** Instructions for the task **
Line by line, set down the following material again exactly.
····················
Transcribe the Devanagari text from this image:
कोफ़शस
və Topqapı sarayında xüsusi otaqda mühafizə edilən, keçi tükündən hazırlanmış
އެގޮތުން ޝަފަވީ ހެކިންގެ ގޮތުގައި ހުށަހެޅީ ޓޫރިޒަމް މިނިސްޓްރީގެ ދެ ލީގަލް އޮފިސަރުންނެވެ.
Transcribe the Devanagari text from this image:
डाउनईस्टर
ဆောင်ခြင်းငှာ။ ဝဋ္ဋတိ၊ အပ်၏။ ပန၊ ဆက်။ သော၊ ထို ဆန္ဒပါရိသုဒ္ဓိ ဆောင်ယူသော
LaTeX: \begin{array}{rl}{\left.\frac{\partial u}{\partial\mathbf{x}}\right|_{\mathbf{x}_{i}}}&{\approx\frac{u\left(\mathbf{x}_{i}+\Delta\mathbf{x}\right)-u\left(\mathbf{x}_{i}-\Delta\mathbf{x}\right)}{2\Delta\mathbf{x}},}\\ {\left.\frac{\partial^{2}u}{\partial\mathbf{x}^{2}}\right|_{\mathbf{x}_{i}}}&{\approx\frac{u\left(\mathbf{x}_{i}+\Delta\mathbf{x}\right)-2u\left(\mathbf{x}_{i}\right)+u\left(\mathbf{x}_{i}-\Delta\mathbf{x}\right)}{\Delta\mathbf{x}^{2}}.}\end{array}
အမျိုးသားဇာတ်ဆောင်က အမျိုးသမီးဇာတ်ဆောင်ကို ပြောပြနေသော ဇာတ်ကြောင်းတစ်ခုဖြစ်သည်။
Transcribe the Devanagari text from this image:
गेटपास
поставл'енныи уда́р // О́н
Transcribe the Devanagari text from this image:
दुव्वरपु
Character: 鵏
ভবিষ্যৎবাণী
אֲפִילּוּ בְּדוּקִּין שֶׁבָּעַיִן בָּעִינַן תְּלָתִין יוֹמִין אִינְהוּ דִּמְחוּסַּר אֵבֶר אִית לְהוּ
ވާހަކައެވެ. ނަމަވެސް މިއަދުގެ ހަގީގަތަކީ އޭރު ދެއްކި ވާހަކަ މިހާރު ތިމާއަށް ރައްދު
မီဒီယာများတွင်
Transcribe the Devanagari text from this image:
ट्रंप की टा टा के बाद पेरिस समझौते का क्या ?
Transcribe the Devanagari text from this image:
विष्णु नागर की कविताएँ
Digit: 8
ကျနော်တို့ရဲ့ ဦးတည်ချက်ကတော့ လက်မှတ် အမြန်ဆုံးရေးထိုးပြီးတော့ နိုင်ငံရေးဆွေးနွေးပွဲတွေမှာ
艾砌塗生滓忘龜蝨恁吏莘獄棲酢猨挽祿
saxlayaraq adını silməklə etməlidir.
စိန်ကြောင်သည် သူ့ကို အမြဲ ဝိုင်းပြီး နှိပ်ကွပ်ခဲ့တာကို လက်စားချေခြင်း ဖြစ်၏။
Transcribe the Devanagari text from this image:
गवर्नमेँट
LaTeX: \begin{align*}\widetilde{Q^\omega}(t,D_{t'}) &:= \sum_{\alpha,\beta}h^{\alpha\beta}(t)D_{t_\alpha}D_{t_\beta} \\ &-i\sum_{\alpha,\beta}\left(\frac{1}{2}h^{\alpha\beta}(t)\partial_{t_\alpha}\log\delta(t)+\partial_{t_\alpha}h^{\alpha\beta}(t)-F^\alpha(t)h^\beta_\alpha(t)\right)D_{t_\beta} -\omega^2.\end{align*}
····················
** Written solution **
Transcribe the Devanagari text from this image:
कोफ़शस
və Topqapı sarayında xüsusi otaqda mühafizə edilən, keçi tükündən hazırlanmış
އެގޮތުން ޝަފަވީ ހެކިންގެ ގޮތުގައި ހުށަހެޅީ ޓޫރިޒަމް މިނިސްޓްރީގެ ދެ ލީގަލް އޮފިސަރުންނެވެ.
Transcribe the Devanagari text from this image:
डाउनईस्टर
ဆောင်ခြင်းငှာ။ ဝဋ္ဋတိ၊ အပ်၏။ ပန၊ ဆက်။ သော၊ ထို ဆန္ဒပါရိသုဒ္ဓိ ဆောင်ယူသော
LaTeX: \begin{array}{rl}{\left.\frac{\partial u}{\partial\mathbf{x}}\right|_{\mathbf{x}_{i}}}&{\approx\frac{u\left(\mathbf{x}_{i}+\Delta\mathbf{x}\right)-u\left(\mathbf{x}_{i}-\Delta\mathbf{x}\right)}{2\Delta\mathbf{x}},}\\ {\left.\frac{\partial^{2}u}{\partial\mathbf{x}^{2}}\right|_{\mathbf{x}_{i}}}&{\approx\frac{u\left(\mathbf{x}_{i}+\Delta\mathbf{x}\right)-2u\left(\mathbf{x}_{i}\right)+u\left(\mathbf{x}_{i}-\Delta\mathbf{x}\right)}{\Delta\mathbf{x}^{2}}.}\end{array}
အမျိုးသားဇာတ်ဆောင်က အမျိုးသမီးဇာတ်ဆောင်ကို ပြောပြနေသော ဇာတ်ကြောင်းတစ်ခုဖြစ်သည်။
Transcribe the Devanagari text from this image:
गेटपास
поставл'енныи уда́р // О́н
Transcribe the Devanagari text from this image:
दुव्वरपु
Character: 鵏
ভবিষ্যৎবাণী
אֲפִילּוּ בְּדוּקִּין שֶׁבָּעַיִן בָּעִינַן תְּלָתִין יוֹמִין אִינְהוּ דִּמְחוּסַּר אֵבֶר אִית לְהוּ
ވާހަކައެވެ. ނަމަވެސް މިއަދުގެ ހަގީގަތަކީ އޭރު ދެއްކި ވާހަކަ މިހާރު ތިމާއަށް ރައްދު
မီဒီယာများတွင်
Transcribe the Devanagari text from this image:
ट्रंप की टा टा के बाद पेरिस समझौते का क्या ?
Transcribe the Devanagari text from this image:
विष्णु नागर की कविताएँ
Digit: 8
ကျနော်တို့ရဲ့ ဦးတည်ချက်ကတော့ လက်မှတ် အမြန်ဆုံးရေးထိုးပြီးတော့ နိုင်ငံရေးဆွေးနွေးပွဲတွေမှာ
艾砌塗生滓忘龜蝨恁吏莘獄棲酢猨挽祿
saxlayaraq adını silməklə etməlidir.
စိန်ကြောင်သည် သူ့ကို အမြဲ ဝိုင်းပြီး နှိပ်ကွပ်ခဲ့တာကို လက်စားချေခြင်း ဖြစ်၏။
Transcribe the Devanagari text from this image:
गवर्नमेँट
LaTeX: \begin{align*}\widetilde{Q^\omega}(t,D_{t'}) &:= \sum_{\alpha,\beta}h^{\alpha\beta}(t)D_{t_\alpha}D_{t_\beta} \\ &-i\sum_{\alpha,\beta}\left(\frac{1}{2}h^{\alpha\beta}(t)\partial_{t_\alpha}\log\delta(t)+\partial_{t_\alpha}h^{\alpha\beta}(t)-F^\alpha(t)h^\beta_\alpha(t)\right)D_{t_\beta} -\omega^2.\end{align*}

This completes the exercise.